A Horizon to Future Rhetorics

When initially thinking about rhetorical analysis, the memories of past exhausting and tedious papers of analyzing speeches from historical figures I felt apathetic towards, or repetitive books of 500 pages, would strike my mind. This assumption that rhetoric can only be found in written texts was clearly a misjudgement. This specific rhetorical analysis opened my horizons to new forms of thinking—and writing—about the future. Not only did it raise my awareness about considering the audience, exigence, constraints, and the broader argument of a text, but it allowed me to realize that rhetoric is seen in our everyday lives, in whatever we do, read, hear, and look at, whether at home, on the train, or as we even scroll through social media. 
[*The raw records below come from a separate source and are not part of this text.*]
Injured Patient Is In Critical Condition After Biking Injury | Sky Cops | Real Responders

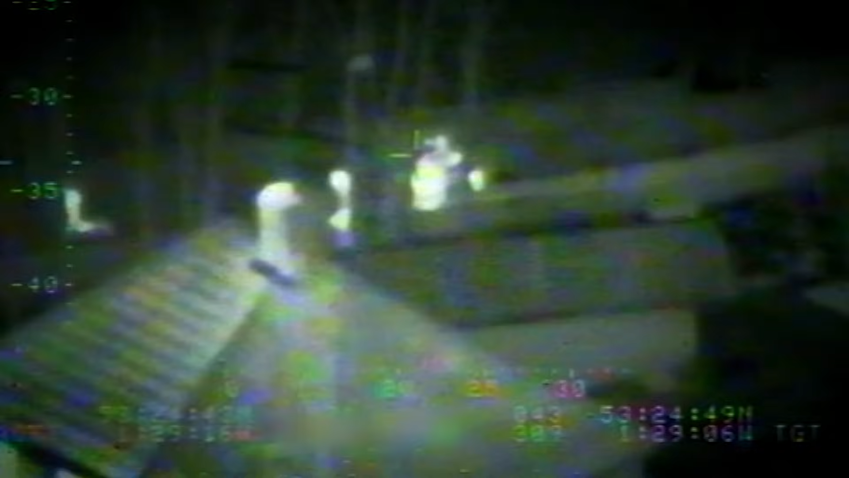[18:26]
Thinking out of the box means stopping them getting away. I've been looking right up and down that path.
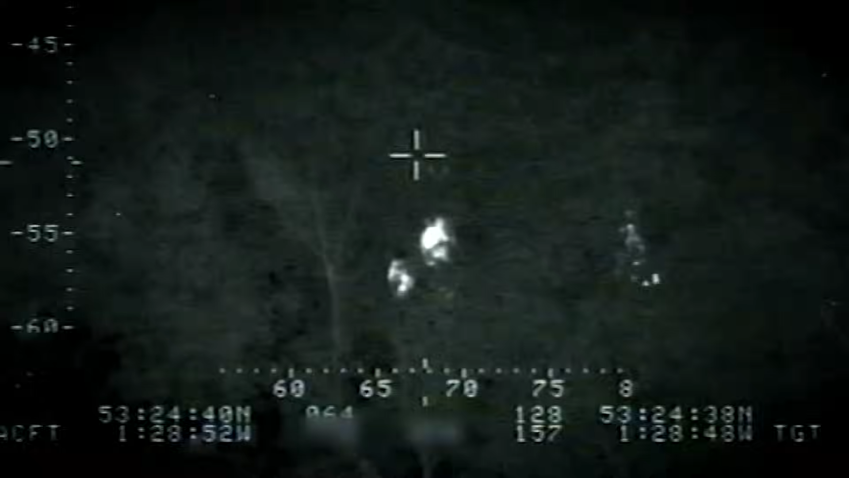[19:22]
But fortunately we were, we got them on the thermal camera and we could see that they'd gone under the tree and stayed there, at the bottom of somebody's garden.
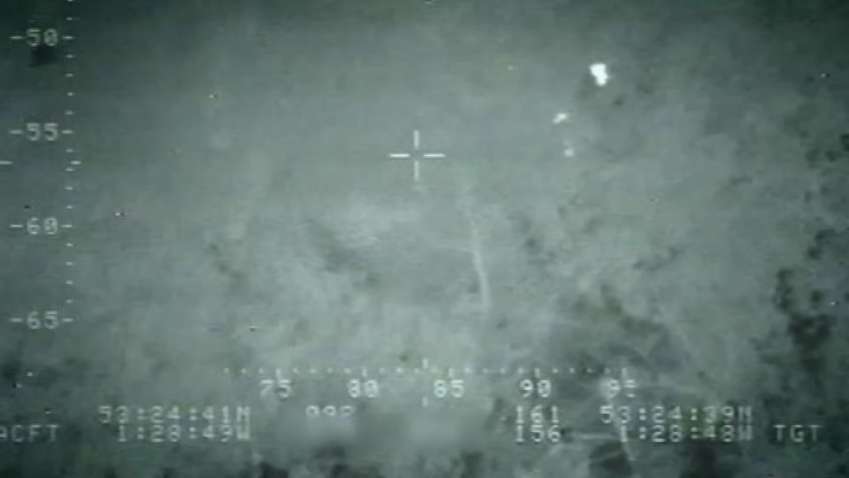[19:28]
So hopefully we can get a car in here, yeah?
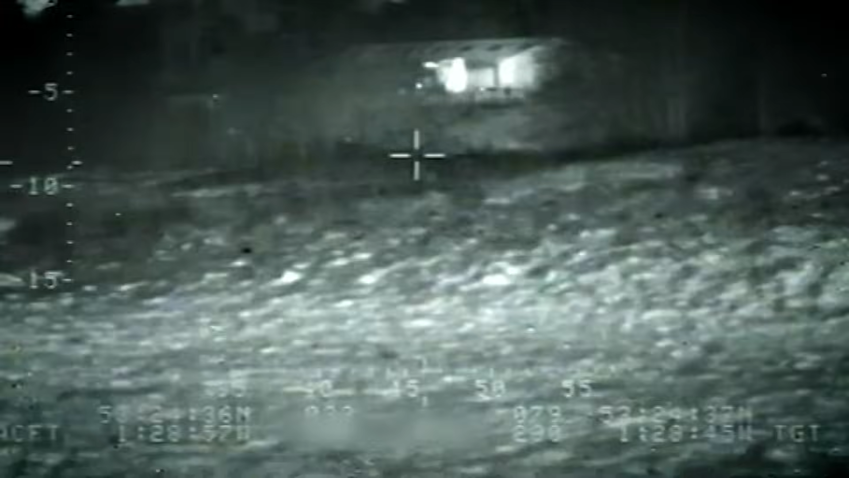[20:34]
The helicopter is downwind, well away from the hiding bikers. They shouldn't suspect a thing.
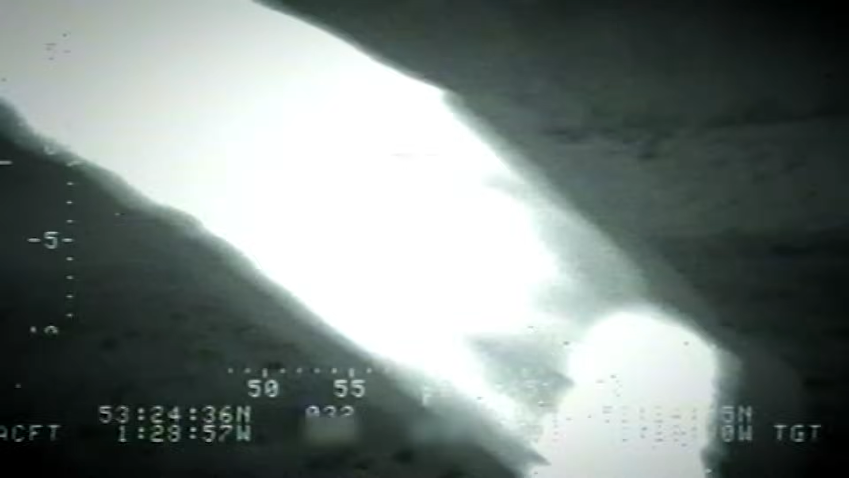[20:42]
There was a bit of a hillside between us and them, and all they'll have seen is the helicopter going too low for them to see whether they realise we were landing,
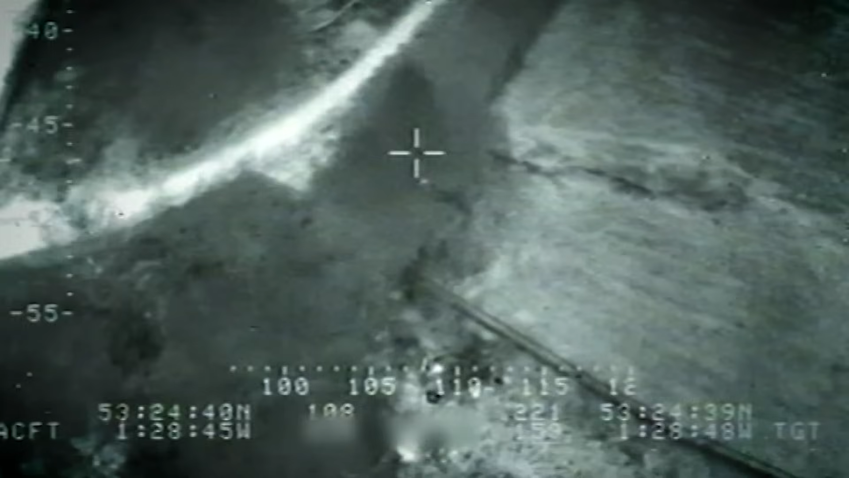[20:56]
12-98-230, you see if it's on the trees.
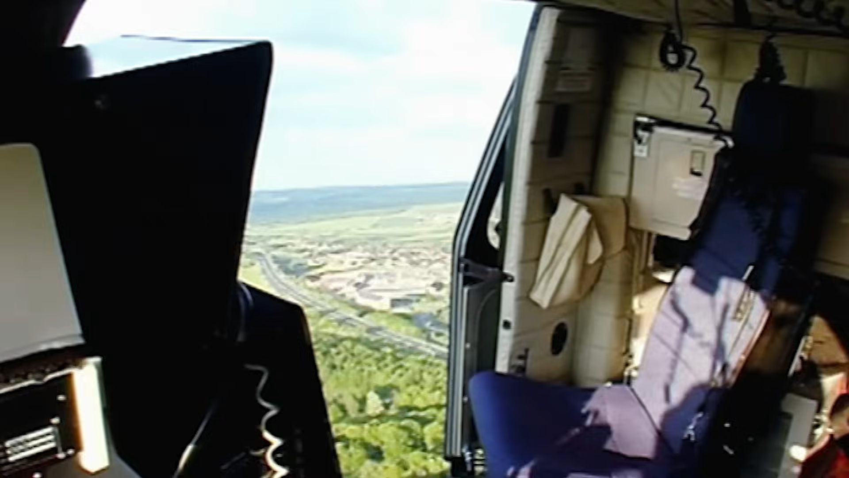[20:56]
Yeah, I don't know if you've got a gist of what's happening.
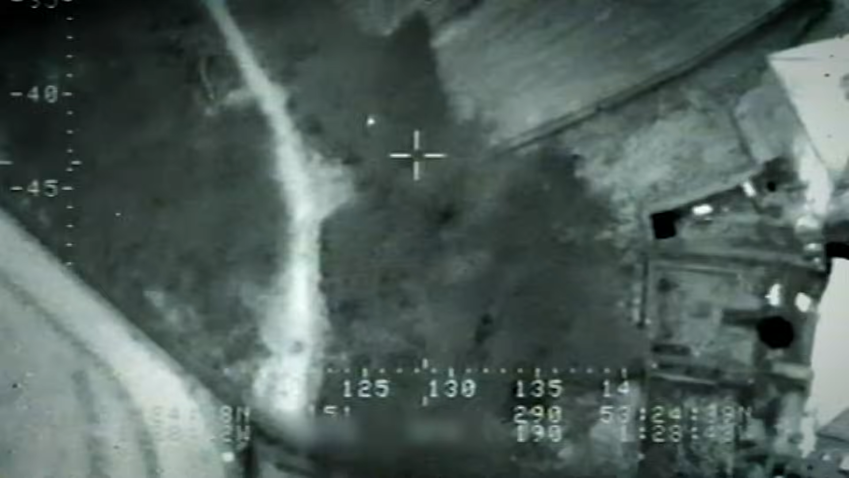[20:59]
We've deployed so out the back of the aircraft.
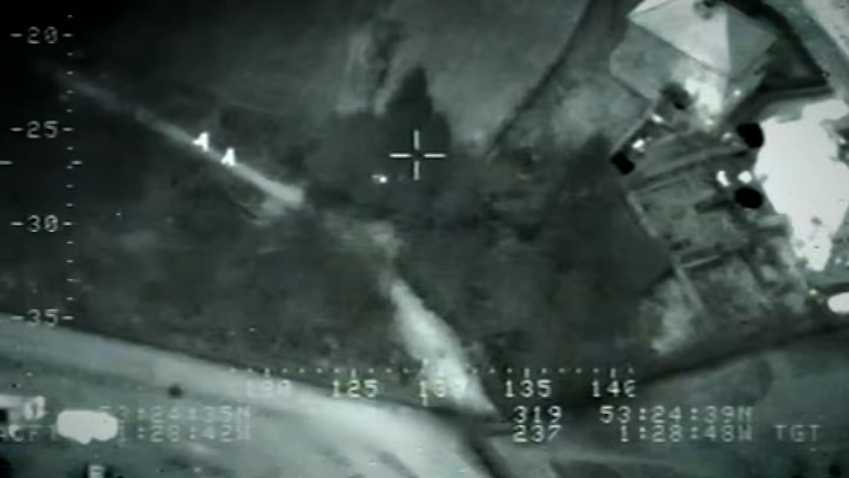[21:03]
As PC Lucas and co move in, Nine-Nine resumes position above in case the boys run off. They haven't.
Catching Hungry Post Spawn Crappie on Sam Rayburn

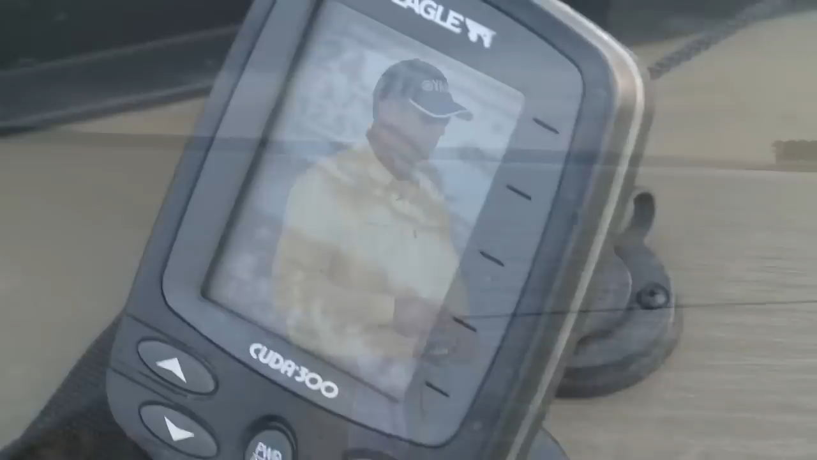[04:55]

As I was looking through artifacts to choose, Atwood’s “Time Capsule found on the Dead Planet” came to me naturally as I remember myself being fascinated by her structure and words, completely agreeing with everything she expressed regarding humanity’s future. However, when trying to find a piece to connect to her story, I stumbled upon my hypothesis annotations for Jorie Graham’s “We”—I knew their arguments were connected and had multiple rhetorical strategies. Though, I was initially overwhelmed by the fact that I had to articulate what both Atwood and Graham meant by their words cohesively into an overarching argument. During my rough draft, I had a handful of jumbled and sporadic bullet points, arrows leading to ideas that I was not yet ready to eloquently express, and random quotations from each piece. I had to read, reread, and reread once again, to see if I was making sense in my writing. After about an hour collecting my thoughts, carefully reading each piece over again for lines, phrases, or even words that I could potentially analyze, and scrolling through my own hypothesis annotations, I spent a night forming my paragraphs. Although it was a complete mess, with thoughts alternating between each story and poem, I knew I wanted to convey a controlling idea about a possible, future post-human world. It was just an idea, yet as I continued to write and have office hours, I discovered new terms and established a more centered thesis. In the beginning, I did not believe I could do either of them justice; though, as I continued to revise and redraft and reread my analysis and paid credence to their rhetorical devices, I knew that I synthesized both pieces to the best of my ability. I discovered the purpose and importance of the exigence, and made sure to connect to my controlling idea. 

Nevertheless, this is still a work in progress, there is always room for improvement, and it may never fully be finished. I am continuing to revise and consider peer review. For the future, I hope to further develop my analysis with more clarity, style, and flow. My topic sentences may still need work, and the genre conventions I acknowledged may have multiple different perspectives. However, in regards to future writing, I can say that I will now keep in mind the WHY and HOW an artifact invokes change within the audience, instead of simply the what.

One thought on “A Horizon to Future Rhetorics

  1. Hey Nazia! I really liked how you pointed out that rhetoric is seen in our everyday lives and not just in just readings that we are assigned as students. This assignment also made me aware of what rhetoric truly is. In addition, I relate to you on feeling empathetic to writers of long tedious pieces of rhetoric because it is truly and utterly exhausting. I also struggled to piece together two different forms of text. Yes, they relate to each other, but they differ in exigence so it is a struggle to piece them together in a way that doesn’t affect the flow of your paper. Writing a good paper is a process and you conveyed the true process of it through this blog post. Re-reading and re-drafting are a must for all writers to develop a piece that is clear in purpose/aim.